*Material provided*:
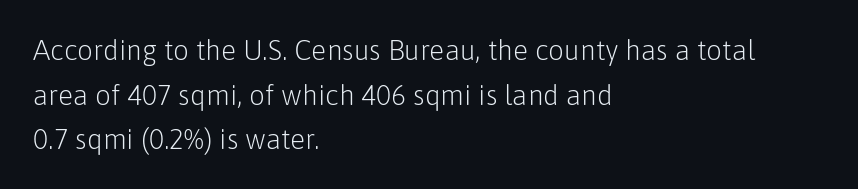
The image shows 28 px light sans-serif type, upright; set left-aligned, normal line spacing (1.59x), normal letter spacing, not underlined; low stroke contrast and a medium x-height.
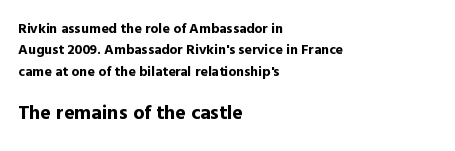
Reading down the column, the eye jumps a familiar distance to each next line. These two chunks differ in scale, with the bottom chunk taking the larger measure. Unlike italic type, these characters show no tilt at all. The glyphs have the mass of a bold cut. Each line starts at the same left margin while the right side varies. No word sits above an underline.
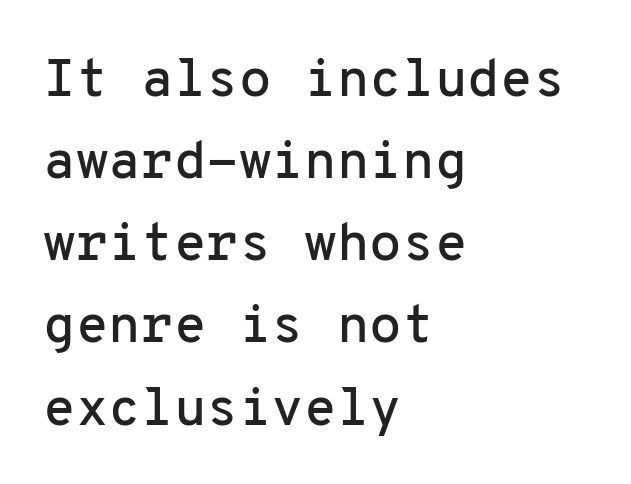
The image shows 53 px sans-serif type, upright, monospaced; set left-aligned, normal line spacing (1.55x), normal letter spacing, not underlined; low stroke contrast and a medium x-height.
==
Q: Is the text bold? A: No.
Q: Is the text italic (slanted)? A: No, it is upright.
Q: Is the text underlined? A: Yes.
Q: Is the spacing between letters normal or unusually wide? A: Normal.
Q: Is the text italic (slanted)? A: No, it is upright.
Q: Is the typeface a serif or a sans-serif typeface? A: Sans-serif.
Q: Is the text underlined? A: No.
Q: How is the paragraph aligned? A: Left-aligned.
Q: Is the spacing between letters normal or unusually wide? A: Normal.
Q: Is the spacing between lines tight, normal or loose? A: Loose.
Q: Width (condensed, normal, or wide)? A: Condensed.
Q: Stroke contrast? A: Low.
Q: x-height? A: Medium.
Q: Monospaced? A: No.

*Work to be completed*: Every line of the listing that includes the word "image" must be copied.

*Problem solution*:
The image shows 28 px light sans-serif type, upright; set left-aligned, normal line spacing (1.59x), normal letter spacing, not underlined; low stroke contrast and a medium x-height.
The image shows 53 px sans-serif type, upright, monospaced; set left-aligned, normal line spacing (1.55x), normal letter spacing, not underlined; low stroke contrast and a medium x-height.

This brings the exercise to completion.